In fact, the two shows which caught my eye — Alejandro Jodorosky’s new film and Melvin Van Peebles’s ‘60s New Wave feature, “Three Day Pass” — were not even mentioned in their hour-long press presentation. On top of which, four of festival’s five programmers and director Noah Cowan were holding forth in the astonishing new Dolby Theater, part of the festival’s new venue list (which always starts and ends at The Castro), in the spanking new Dolby Building on Market Street, where the revered recording arts company recently relocated from its odd, old-timey building in the Mission.
Equally artistic and local, the Festival is highlighting Canyon Cinema’s 50th and the Disposable Film Festival’s 10th anniversary, with shows, and Berkeley’s most famous producer and festival organizer (Telluride), Tom Luddy, with an award — not that they don’t have plenty of international star power to go around.
That aspect kicks in opening night with “Landline” by Gillian Robespierre, whose name suggests not so much revolution as solid indie filmmaking. Her “Obvious Child” (2014), which the Festival’s Film Society had a hand in developing, was a break out hit. “Landline” looks like it will achieve similar, given the inevitably great John Turturro as the tortured father of two hipster sisters (including “Obvious Child” star Jenny Slate) running around a drug- and rave-crazed 1990s New York.
Jenny Slate, Edie Falco and Abby Quinn catch a cig break in ‘Landlines’. photo: courtesy G. Robespierre
Indeed, nurturing film is an expanding aspect of the festival’s operations, from doc and screenplay development grants to residencies at the Film House, now in cool new digs across from Chinatown.
Closing night is a full-on festival commission which looks at both the Bay Area and its film history with a “remake” of “Vertigo” from found footage and unknown noirs, scored by the Bay Area’s own Kronos Quartet. Another fantastic-sounding, score-based screening is of “THX 1138”, George Lucas’s first film, featuring the English electronica/reggae band Asian Dub Foundation. Yet another is the ‘20s Russian masterpiece, “Man with a Movie Camera”, rescored by Denver’s Devotchka.
Indeed, in addition to almost 200 films, there is quite a bit of ancillary art, music and performance.
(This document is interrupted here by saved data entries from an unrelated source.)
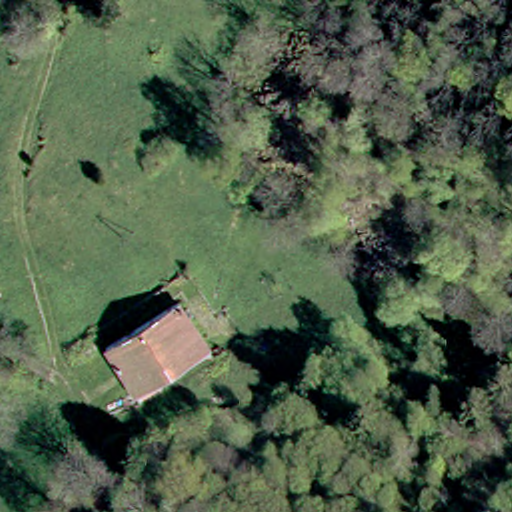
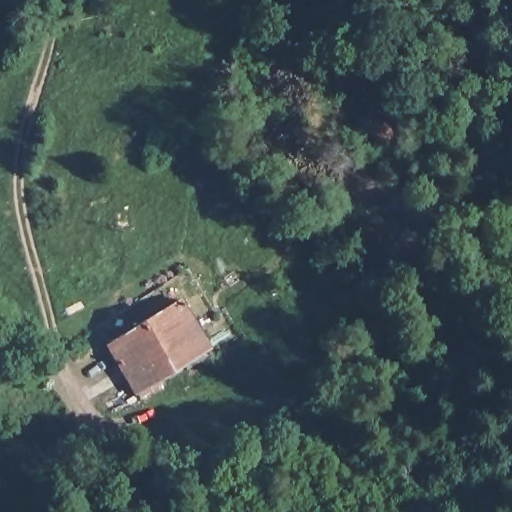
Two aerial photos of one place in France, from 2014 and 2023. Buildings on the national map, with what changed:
unchanged [(168,300),(180,321),(199,353),(142,389),(129,395),(105,358),(96,345),(168,300)]

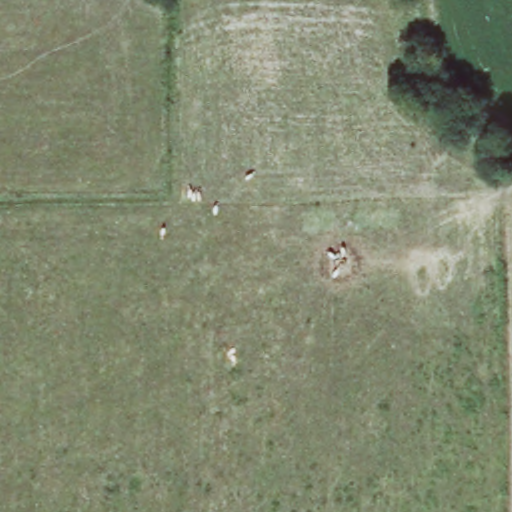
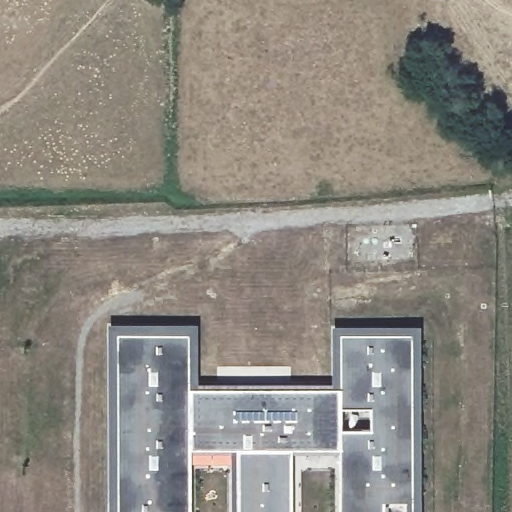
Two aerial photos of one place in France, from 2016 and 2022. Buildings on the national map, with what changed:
new [(108,323),(196,326),(196,388),(332,388),(330,326),(418,325),(419,512),(338,512),(337,451),(292,451),(292,512),(230,512),(229,452),(191,451),(191,512),(109,512),(108,323)]

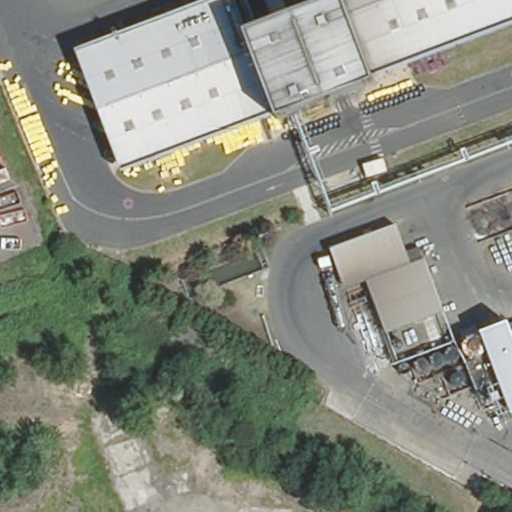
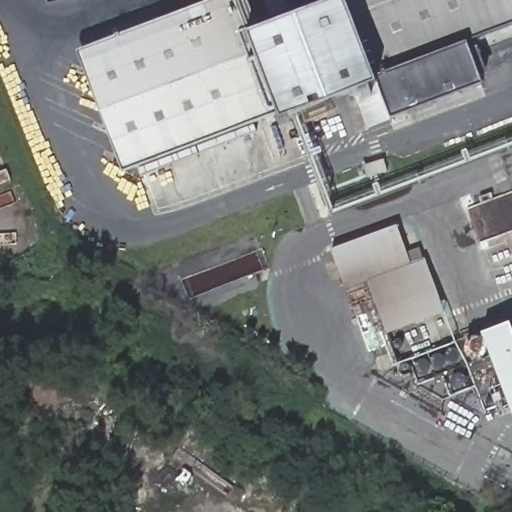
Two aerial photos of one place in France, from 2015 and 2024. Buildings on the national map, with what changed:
unchanged [(235,0),(247,29),(238,33),(272,111),(123,169),(119,159),(75,48),(197,0),(235,0)]
new [(182,0),(185,0),(182,1),(182,0)]
unchanged [(341,0),(368,68),(372,79),(274,118),(272,111),(238,33),(247,29),(322,0),(341,0)]
unchanged [(404,54),(368,68),(341,0),(512,0),(512,12),(404,54)]
new [(391,120),(376,76),(467,43),(482,84),(391,120)]
unchanged [(344,288),(330,249),(395,224),(409,264),(365,279),(344,288)]
unchanged [(409,264),(423,259),(442,313),(385,334),(365,279),(409,264)]
unchanged [(486,330),(512,321),(512,402),(486,330)]

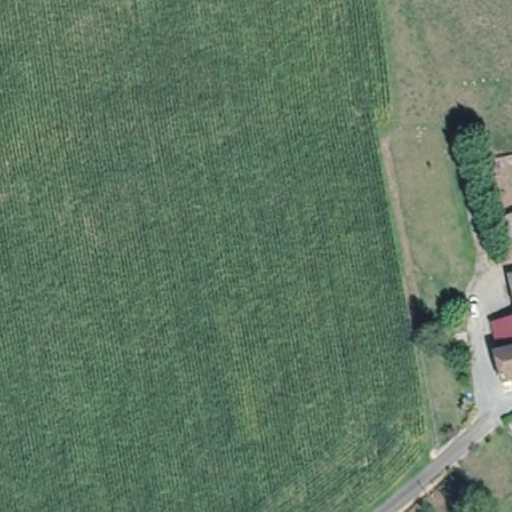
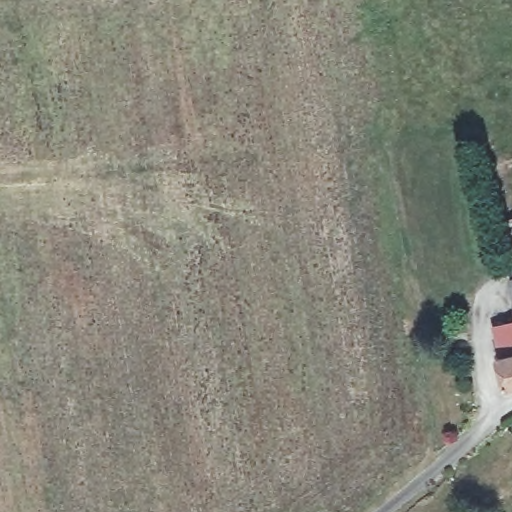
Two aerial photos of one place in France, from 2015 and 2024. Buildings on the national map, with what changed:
unchanged [(505,241),(501,218),(512,215),(512,239),(505,241)]
unchanged [(504,324),(512,322),(512,353),(504,324)]
unchanged [(505,355),(512,353),(512,380),(505,355)]

Art film aficionados should be sure to catch “Tania Libre” by Lynn Hershman Leeson, director of SF Art Institute’s film department for a few years and at the forefront of technology and feminism, as well as art and film, for 40 years.
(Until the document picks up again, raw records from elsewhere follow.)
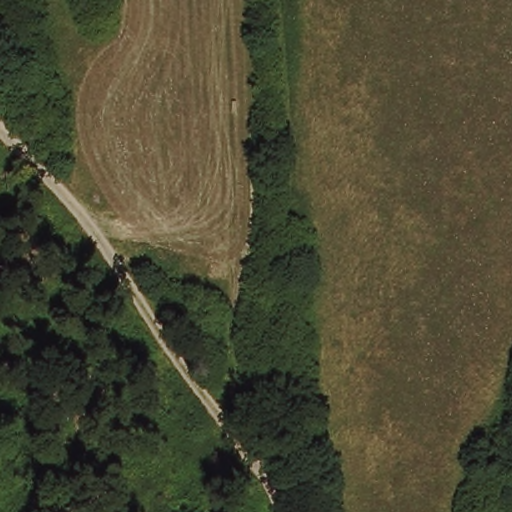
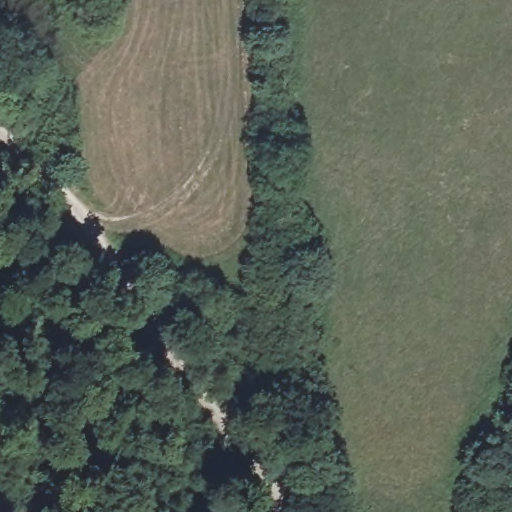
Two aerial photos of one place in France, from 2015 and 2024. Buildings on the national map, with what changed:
unchanged [(158,387),(146,395),(136,380),(148,372),(158,387)]

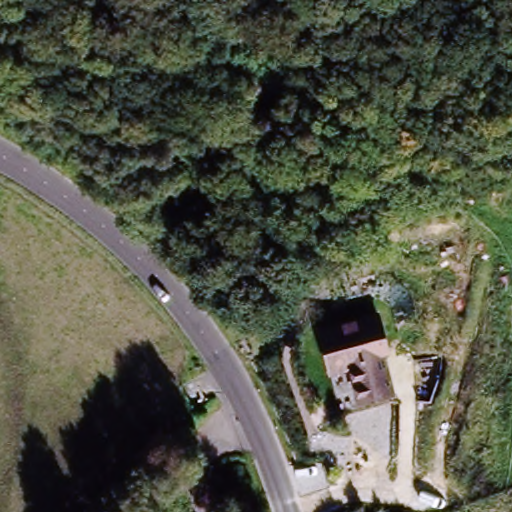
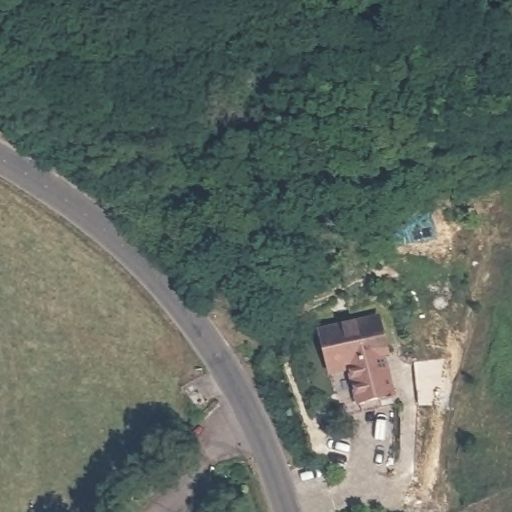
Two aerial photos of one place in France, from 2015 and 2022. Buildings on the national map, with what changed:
unchanged [(401,399),(359,409),(351,369),(332,372),(322,326),(384,313),(401,399)]

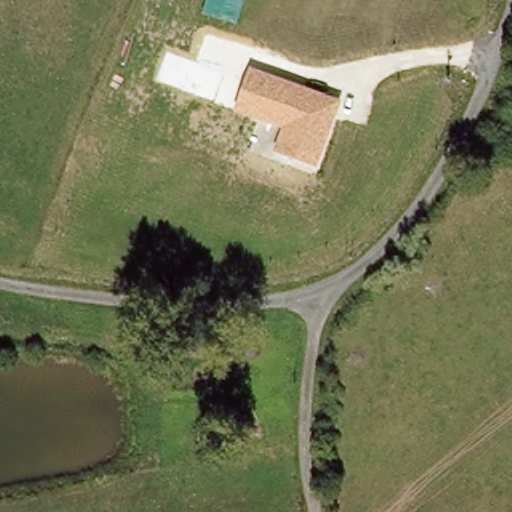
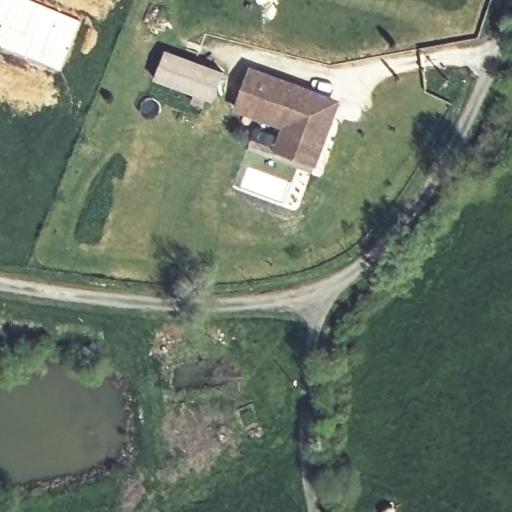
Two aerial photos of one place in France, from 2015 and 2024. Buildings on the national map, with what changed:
new [(60,71),(0,47),(0,0),(32,0),(80,20),(60,71)]
new [(225,72),(214,102),(154,80),(165,51),(225,72)]
unchanged [(341,101),(316,167),(274,150),(282,127),(233,110),(249,67),(341,101)]

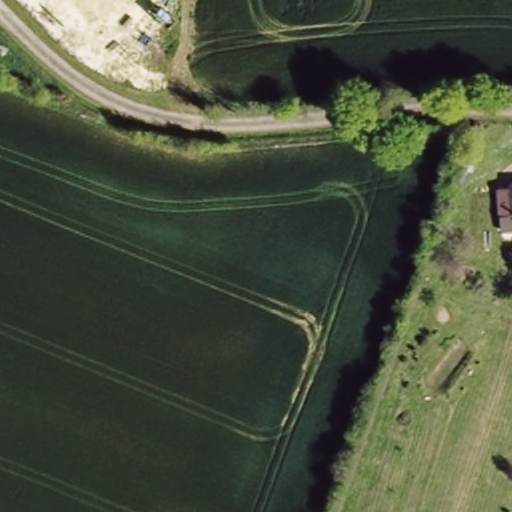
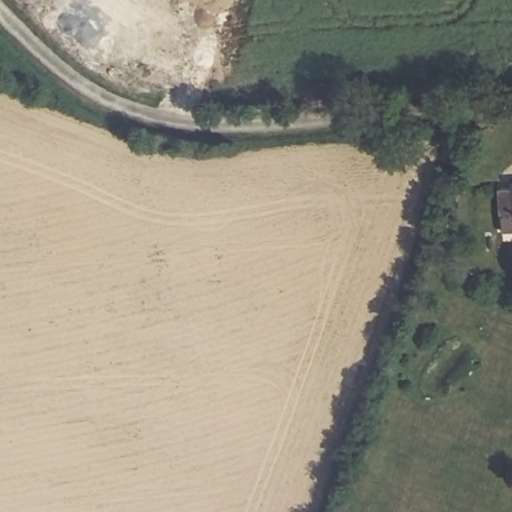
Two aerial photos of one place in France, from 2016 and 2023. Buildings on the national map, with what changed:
unchanged [(512,177),(512,231),(502,232),(498,178),(512,177)]

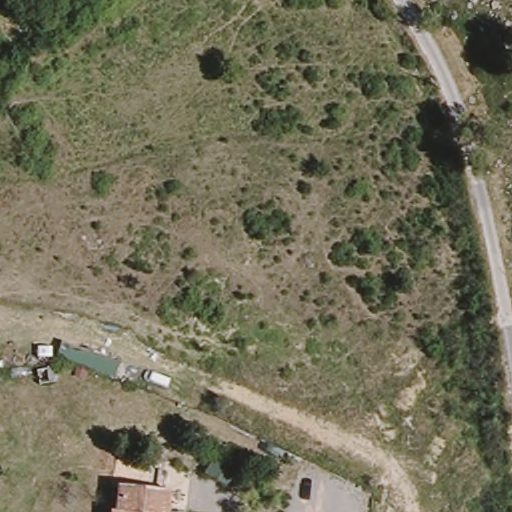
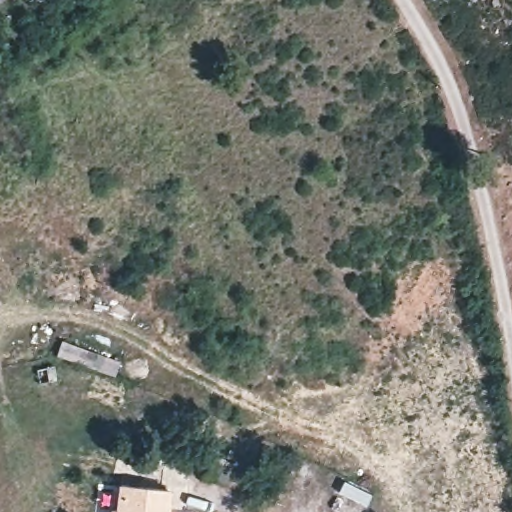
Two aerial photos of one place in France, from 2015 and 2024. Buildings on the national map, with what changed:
unchanged [(169,512),(165,512),(153,511),(153,512),(116,512),(117,507),(121,507),(124,482),(171,486),(169,512)]

Truly outdoing themselves this, SF International lead programmers: (lft-rt) Amanda Salazar, Audrey Chang, Rod Armstrong, Rachel Rosen and Noah Cowan. photo: D. Blair
For sheer star wattage, they’re airdropping in Ethan Hawke for an award, tributing Shah Rukh Khan, the earth’s biggest cinema celeb (starred in over 80 Indian films), highlighting James Ivory (with his little known “Maurice”), featuring Eleanor Coppola and her first narrative “Paris Can Wait” (starring Alec Baldwin), and screening “Citizen Kane”, with an intro by William R. Hearst III, the first time the family has addressed their patriarch’s takedown in one of the greatest films of all time — not to forget the Festival’s State of the Cinema address by Pixar cofounder Ed Catmull.
Alas, this summary hardly does justice to the Festival’s two spectacular weeks, which even includes an unknown short from Jean-Luc Godard and a bunch of longs, also unknown — but not for long, from Argentina, where the festival’s intrepid programmers uncovered an especially fecund film scene, all-in-all a fitting 60th anniversary for the second oldest film festival in the United States.